Come avviene il recupero delle somme
L’INPS segue una procedura ben definita per il recupero delle somme indebitamente percepite:
- Notifica della richiesta: l’INPS comunica ufficialmente al cittadino l’importo da restituire e le modalità di pagamento.
- Compensazione su altre prestazioni: l’ente può trattenere le somme da altre indennità spettanti, come pensioni o futuri assegni di disoccupazione.
- Rateizzazione: se la somma da restituire è elevata, è possibile richiedere un pagamento dilazionato, previa valutazione dell’INPS.
- Recupero forzoso: in caso di mancato pagamento, l’INPS può ricorrere a strumenti coattivi, come il pignoramento di beni o la segnalazione a Equitalia.
Come contestare una richiesta di rimborso
Se si ritiene che la richiesta di restituzione sia ingiusta, esistono diverse possibilità per opporsi:
- Ricorso amministrativo all’INPS: da presentare entro 90 giorni dalla notifica.
- Prescrizione del credito: la legge prevede un termine di 10 anni per il recupero delle somme, salvo interruzioni della prescrizione.
- Ricorso al tribunale ordinario: se il ricorso amministrativo non viene accolto, è possibile rivolgersi al giudice ordinario per far valere le proprie ragioni.

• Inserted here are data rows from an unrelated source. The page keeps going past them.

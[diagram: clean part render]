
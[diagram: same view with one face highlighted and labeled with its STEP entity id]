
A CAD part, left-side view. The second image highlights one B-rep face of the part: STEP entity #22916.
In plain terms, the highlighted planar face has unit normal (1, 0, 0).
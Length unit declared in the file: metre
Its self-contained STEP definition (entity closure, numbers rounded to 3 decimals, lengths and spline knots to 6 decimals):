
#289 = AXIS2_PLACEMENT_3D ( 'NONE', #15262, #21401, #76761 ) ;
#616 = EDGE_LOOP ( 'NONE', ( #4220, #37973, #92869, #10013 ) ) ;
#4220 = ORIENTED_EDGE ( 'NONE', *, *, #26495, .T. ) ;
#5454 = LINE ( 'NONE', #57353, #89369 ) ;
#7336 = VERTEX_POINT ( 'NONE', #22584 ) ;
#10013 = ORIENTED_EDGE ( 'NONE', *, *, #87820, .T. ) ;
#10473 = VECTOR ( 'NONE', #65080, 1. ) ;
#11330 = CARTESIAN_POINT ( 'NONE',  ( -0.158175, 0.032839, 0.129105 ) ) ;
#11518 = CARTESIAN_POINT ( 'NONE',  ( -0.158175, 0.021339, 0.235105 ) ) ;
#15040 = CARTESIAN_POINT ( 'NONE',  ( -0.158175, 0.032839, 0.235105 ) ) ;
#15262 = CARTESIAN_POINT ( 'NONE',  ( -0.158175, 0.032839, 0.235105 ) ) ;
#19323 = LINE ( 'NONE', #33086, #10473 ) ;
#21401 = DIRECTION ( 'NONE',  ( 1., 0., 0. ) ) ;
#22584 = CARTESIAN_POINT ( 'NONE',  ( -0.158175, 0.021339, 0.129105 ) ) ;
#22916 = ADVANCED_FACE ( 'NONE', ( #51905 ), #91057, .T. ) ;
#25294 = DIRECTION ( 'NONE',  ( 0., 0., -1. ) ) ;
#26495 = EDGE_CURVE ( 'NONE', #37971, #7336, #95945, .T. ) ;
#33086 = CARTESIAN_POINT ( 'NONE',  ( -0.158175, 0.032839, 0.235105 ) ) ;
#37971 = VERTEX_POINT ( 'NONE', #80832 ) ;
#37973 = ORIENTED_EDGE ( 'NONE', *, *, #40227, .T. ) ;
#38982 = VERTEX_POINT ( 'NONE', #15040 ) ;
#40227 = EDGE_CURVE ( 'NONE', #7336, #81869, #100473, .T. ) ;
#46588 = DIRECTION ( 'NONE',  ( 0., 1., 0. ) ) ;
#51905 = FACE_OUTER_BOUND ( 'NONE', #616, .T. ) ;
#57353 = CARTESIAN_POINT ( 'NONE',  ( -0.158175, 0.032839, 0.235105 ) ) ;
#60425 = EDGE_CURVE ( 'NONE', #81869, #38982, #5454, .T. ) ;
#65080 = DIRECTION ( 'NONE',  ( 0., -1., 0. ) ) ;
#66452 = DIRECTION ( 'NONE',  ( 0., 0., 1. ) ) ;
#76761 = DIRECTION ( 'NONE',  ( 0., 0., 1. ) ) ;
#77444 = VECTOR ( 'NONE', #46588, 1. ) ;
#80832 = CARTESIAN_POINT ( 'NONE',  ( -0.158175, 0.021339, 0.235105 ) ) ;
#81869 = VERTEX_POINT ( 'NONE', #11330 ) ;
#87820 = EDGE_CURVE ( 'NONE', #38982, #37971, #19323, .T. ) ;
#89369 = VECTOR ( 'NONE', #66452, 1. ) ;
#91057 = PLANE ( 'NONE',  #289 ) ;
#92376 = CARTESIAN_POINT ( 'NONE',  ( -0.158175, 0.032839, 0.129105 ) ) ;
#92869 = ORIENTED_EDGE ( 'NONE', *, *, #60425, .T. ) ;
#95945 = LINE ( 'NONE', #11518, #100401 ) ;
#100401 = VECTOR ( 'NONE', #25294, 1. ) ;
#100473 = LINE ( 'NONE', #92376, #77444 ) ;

Per evitare richieste di rimborso, è fondamentale verificare l’importo ricevuto, segnalare tempestivamente ogni variazione della propria situazione lavorativa e conservare la documentazione utile a dimostrare il diritto alla Naspi. In caso di dubbi, consultare un esperto o un patronato può rivelarsi una strategia vincente per tutelare i propri diritti.